= Indentation size effect =

Property of materials at small scales

Higher hardness values are measured at lower indent depths which correspond to smaller indent areas. The increase measured hardness is believed to be the result of geometrically necessary dislocations. $H_0$ is the hardness due solely to statistically stored dislocations without the impact of geometrically necessary dislocations.

The indentation size effect (ISE) is the observation that hardness tends to increase as the indent size decreases at small scales. When an indent (any small mark, but usually made with a special tool) is created during material testing, the hardness of the material is not constant. At the small scale, materials will actually be harder than at the macro-scale. For the conventional indentation size effect, the smaller the indentation, the larger the difference in hardness. The effect has been seen through nanoindentation and microindentation measurements at varying depths. Dislocations increase material hardness by increasing flow stress through dislocation blocking mechanisms. Materials contain statistically stored dislocations (SSD) which are created by homogeneous strain and are dependent upon the material and processing conditions. Geometrically necessary dislocations (GND) on the other hand are formed, in addition to the dislocations statistically present, to maintain continuity within the material.

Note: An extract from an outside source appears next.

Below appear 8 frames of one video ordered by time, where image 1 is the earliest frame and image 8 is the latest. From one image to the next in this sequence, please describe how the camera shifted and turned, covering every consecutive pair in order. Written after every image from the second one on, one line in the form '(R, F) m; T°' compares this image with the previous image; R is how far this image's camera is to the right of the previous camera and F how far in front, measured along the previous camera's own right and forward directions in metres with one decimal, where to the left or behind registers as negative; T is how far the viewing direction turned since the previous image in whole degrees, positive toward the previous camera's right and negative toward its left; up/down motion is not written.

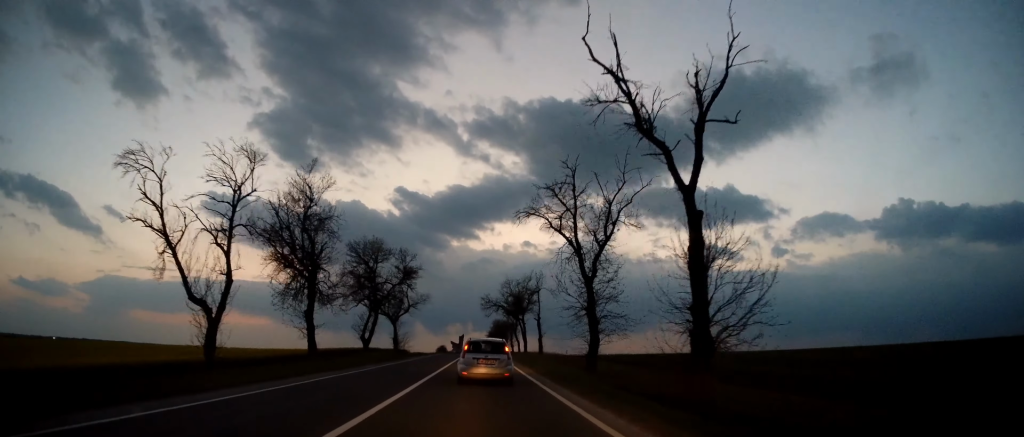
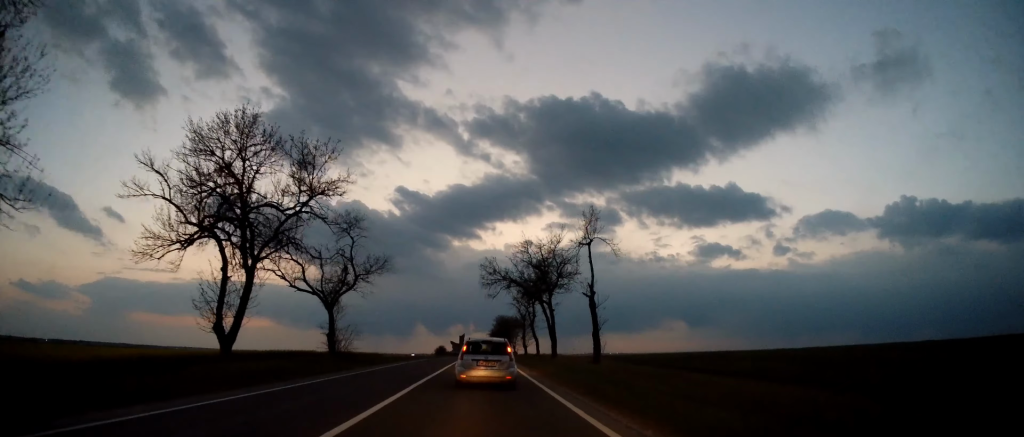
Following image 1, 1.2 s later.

These additional geometrically necessary dislocations (GND) further increase the flow stress in the material and therefore the measured hardness. Theory suggests that plastic flow is impacted by both strain and the size of the strain gradient experienced in the material. Smaller indents have higher strain gradients relative to the size of the plastic zone and therefore have a higher measured hardness in some materials.

Indenter tip generating geometrically necessary dislocations

For practical purposes this effect means that hardness in the low micro and nano regimes cannot be directly compared if measured using different loads. However, the benefit of this effect is that it can be used to measure the effects of strain gradients on plasticity. Several new plasticity models have been developed using data from indentation size effect studies, which can be applied to high strain gradient situations such as thin films.